The persistent leak influences which metabolic pathway the cell uses to generate energy, the team discovered by using a technique called mass spectrometry. For example, fragile X neurons produce more enzymes associated with glycolysis — a pathway commonly used by immature cells — than do typical neurons. Previous studies have shown altered mitochondrial metabolism in people with other forms of autism2.
Adding dexpramipexole to the cells of fragile X mice decreased production of lactate dehydrogenase and other enzymes linked to glycolysis, suggesting that closing the leak causes the neurons to start to use different, more mature metabolic pathways.
Giving injections of dexpramipexole to fragile X model mice lessened their hyperactivity, repetitive behaviors and excessive grooming — traits that are reminiscent of those seen in people with autism and in those with fragile X syndrome. Mice that received the dexpramipexole injections also had neurons with more mature dendritic spines and decreased levels of protein synthesis.

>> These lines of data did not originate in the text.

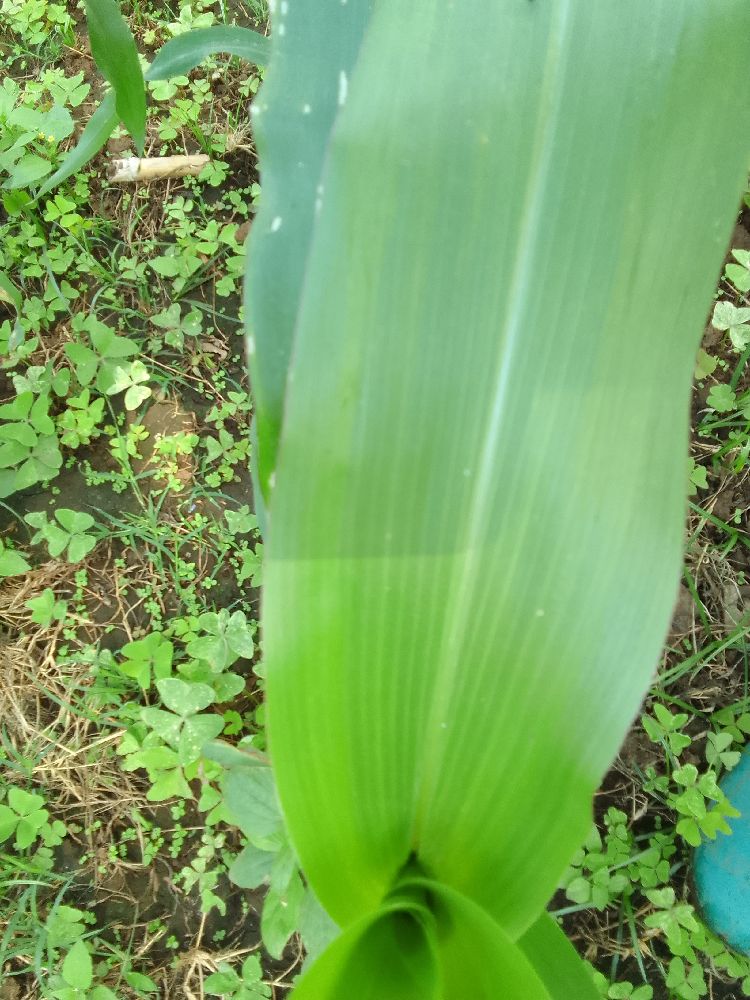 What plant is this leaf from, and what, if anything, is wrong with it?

maize, healthy
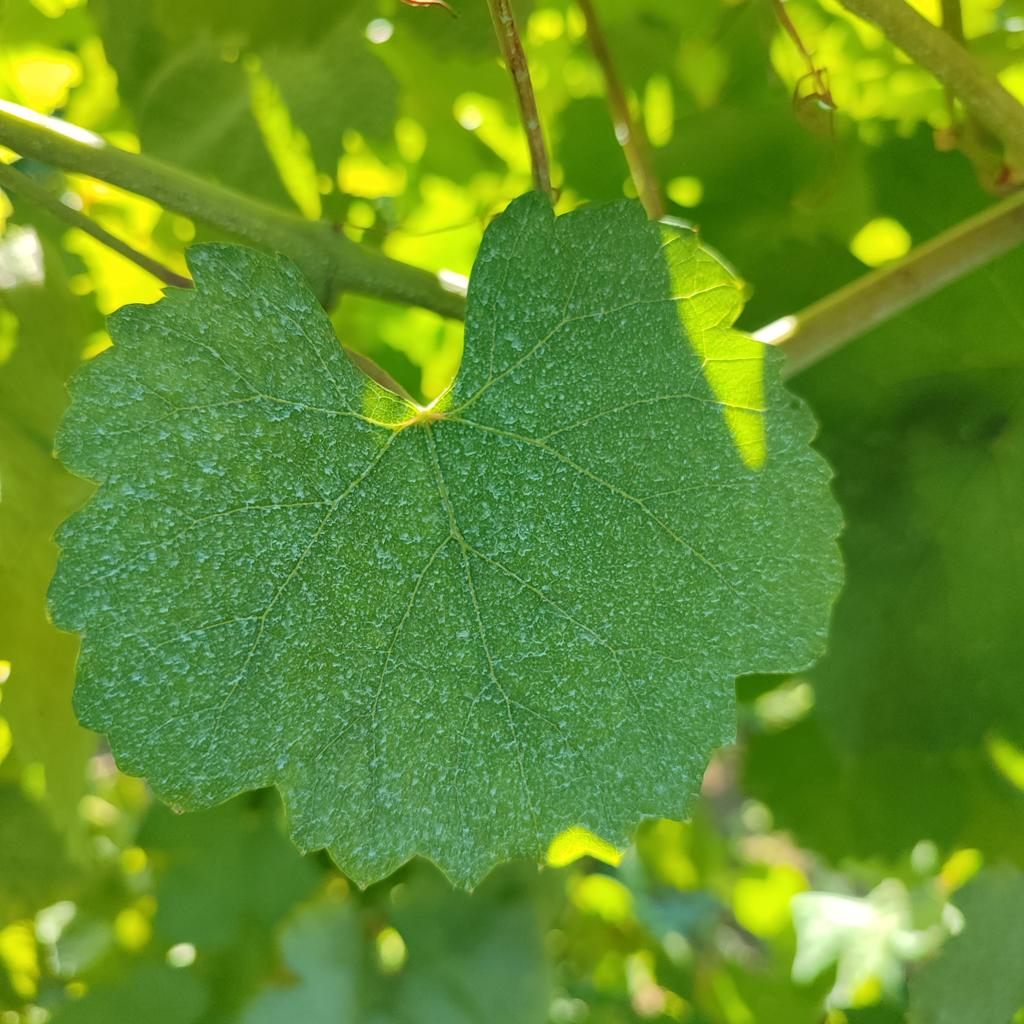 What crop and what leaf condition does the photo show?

grapevine, healthy
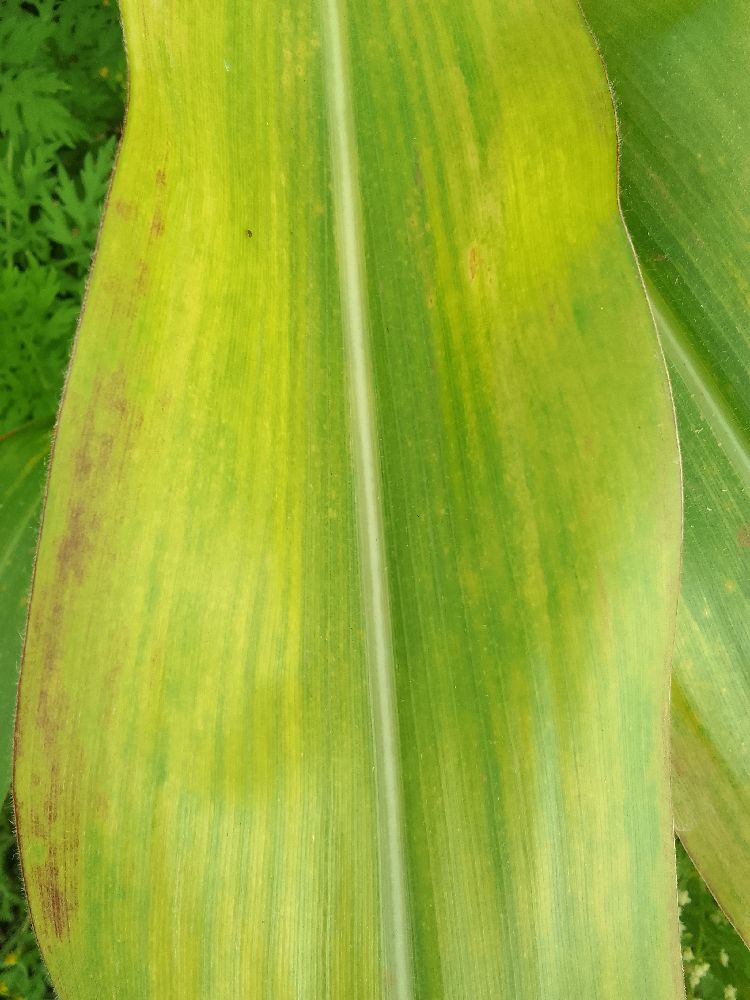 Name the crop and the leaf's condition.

maize, maize lethal necrosis
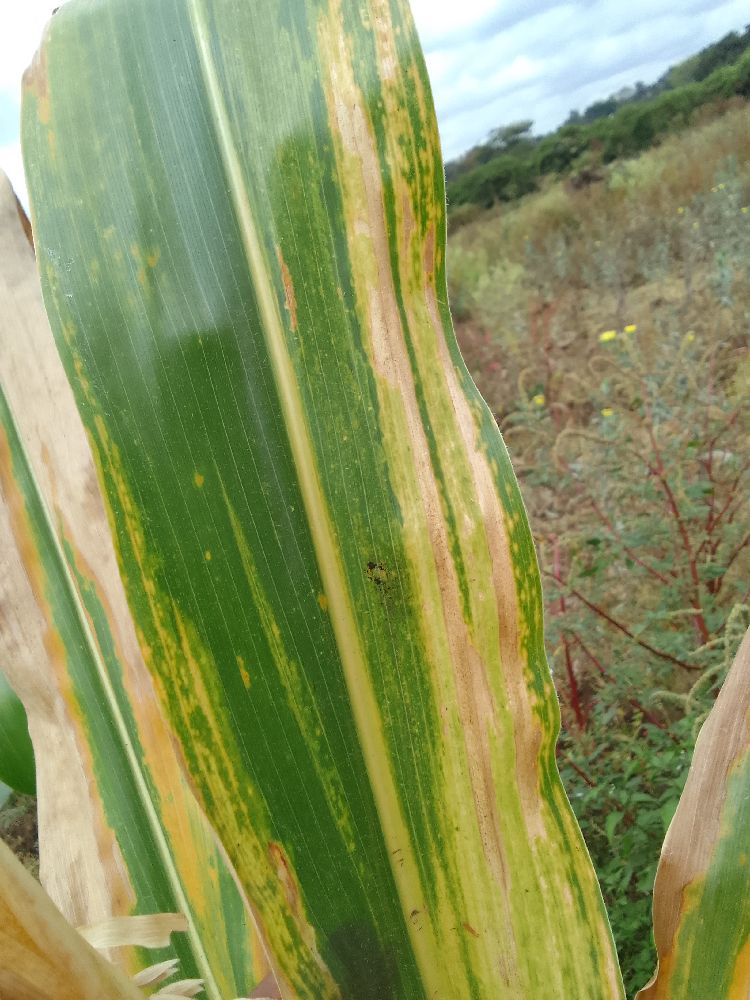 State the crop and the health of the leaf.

maize, maize lethal necrosis
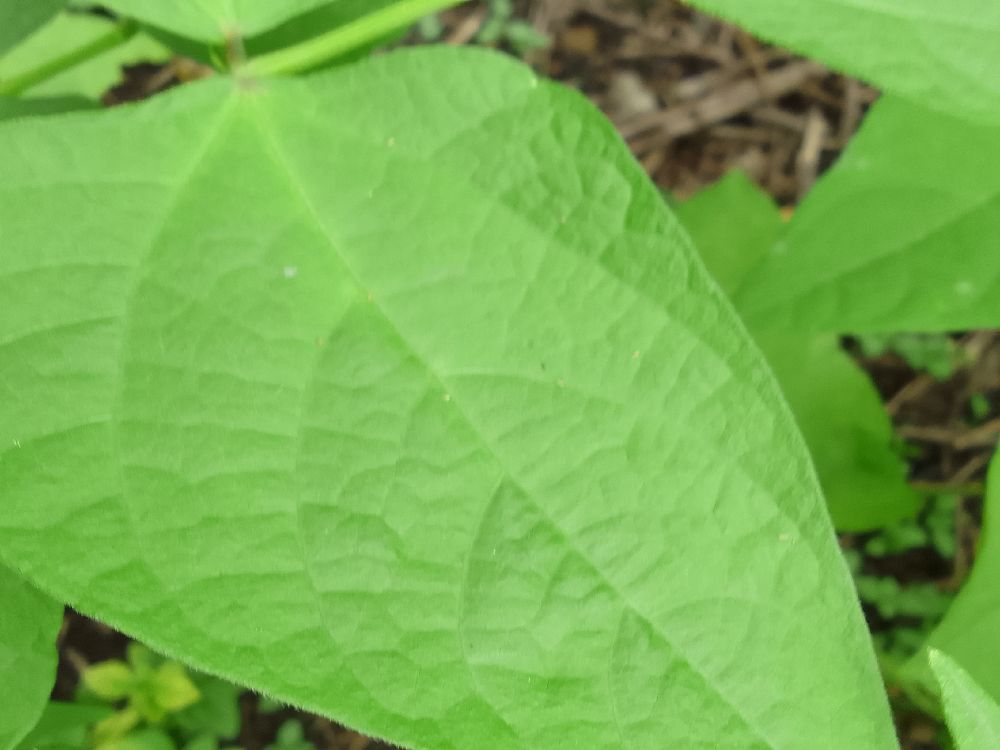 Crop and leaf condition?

common bean, healthy
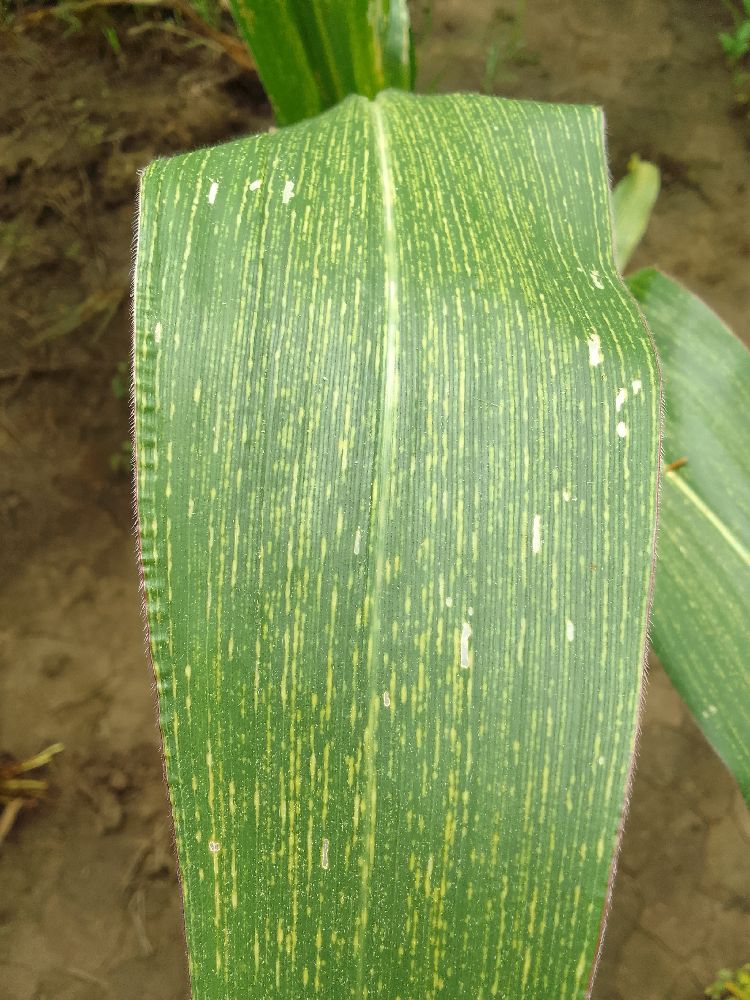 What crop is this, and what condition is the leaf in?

maize, maize streak virus
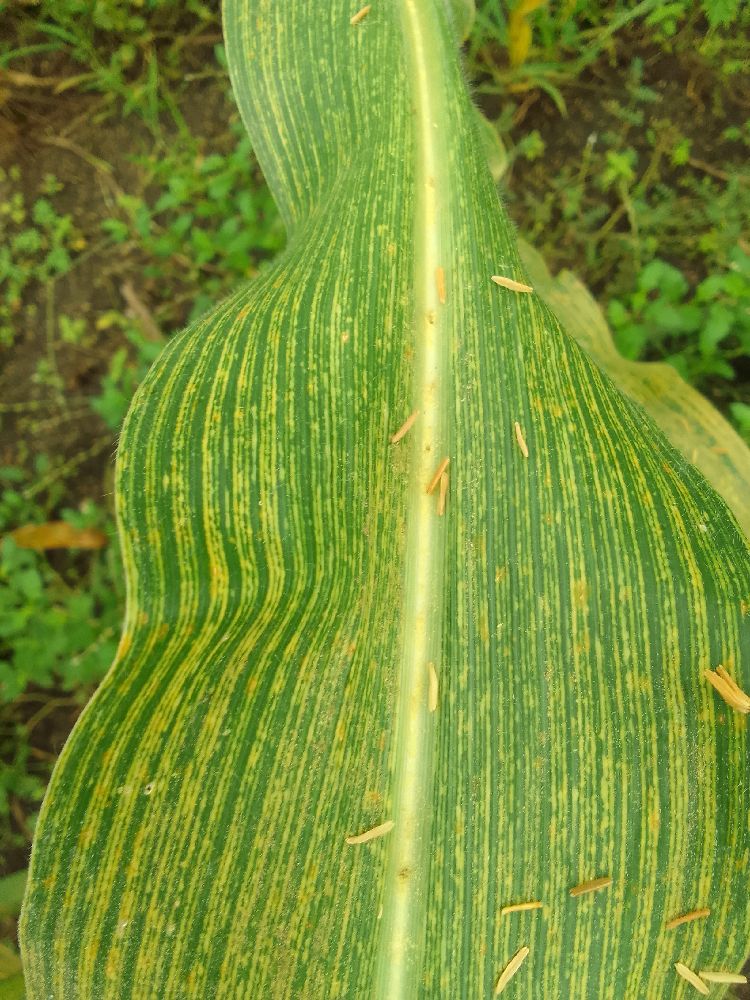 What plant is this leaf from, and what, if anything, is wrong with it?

maize, maize streak virus
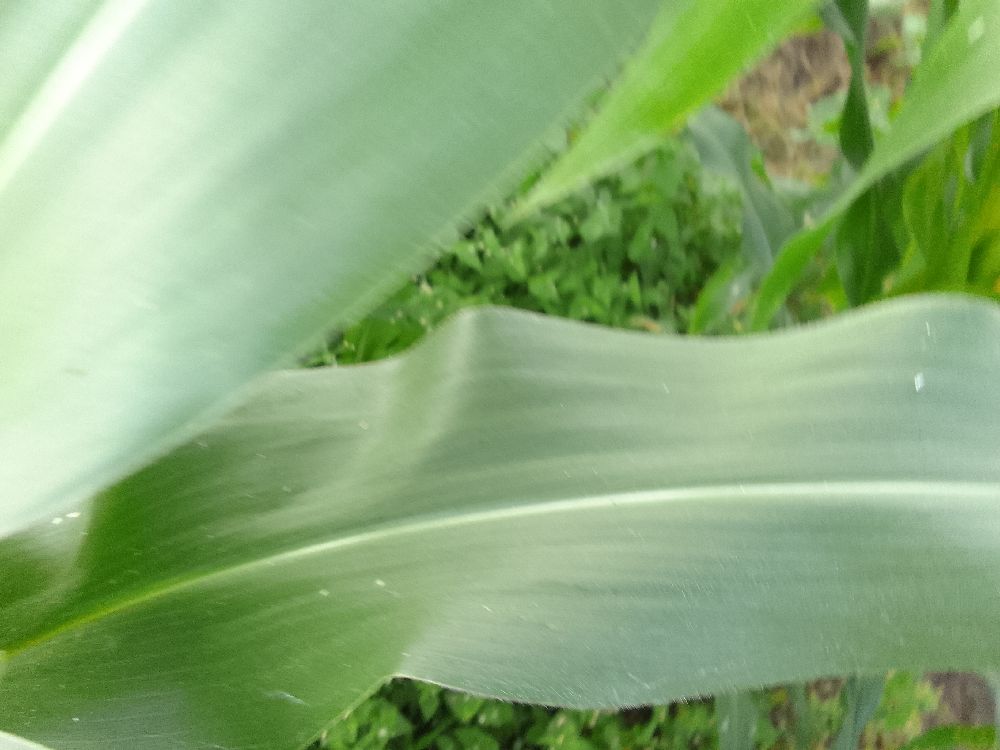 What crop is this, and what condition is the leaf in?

Though interesting, the findings “do not provide a clear mechanism for how FMRP regulates the leak,” says Xinyu Zhao, professor of neuroscience at the University of Wisconsin-Madison, who was not involved in the study. Research by Zhao and her colleagues suggests that an interaction between FMRP and another protein is necessary for mitochondria to function properly and for cells to mature3.
Even without a mechanism, being able to ease autism-like traits in mice by closing one membrane channel “is remarkable,” Licznerski says. “This opens the door to a new approach to therapy” for people with fragile X syndrome, he says.
Others urge caution: There is no guarantee that a treatment that works in mice will work in the human brain, says Cecilia Giulivi, professor of molecular biosciences at the University of California, Davis MIND Institute, who was not involved in the study. She is concerned that these preliminary results will offer false hope to the families of people with fragile X syndrome and encourage people to seek out treatments that have not been proven safe. Dexpramipexole has been tested in people with the neurological disease amyotrophic lateral sclerosis and found safe, but it is unclear how it would affect young people if taken over sustained periods of time.
Before a treatment is possible, Jonas and Licznerski say they need to better understand how the ATP synthase subunits contribute to the leak. As part of that goal, they are engineering mice without extra c-subunits to see if minimizing the leak in that way has the same effect as applying dexpramipexole.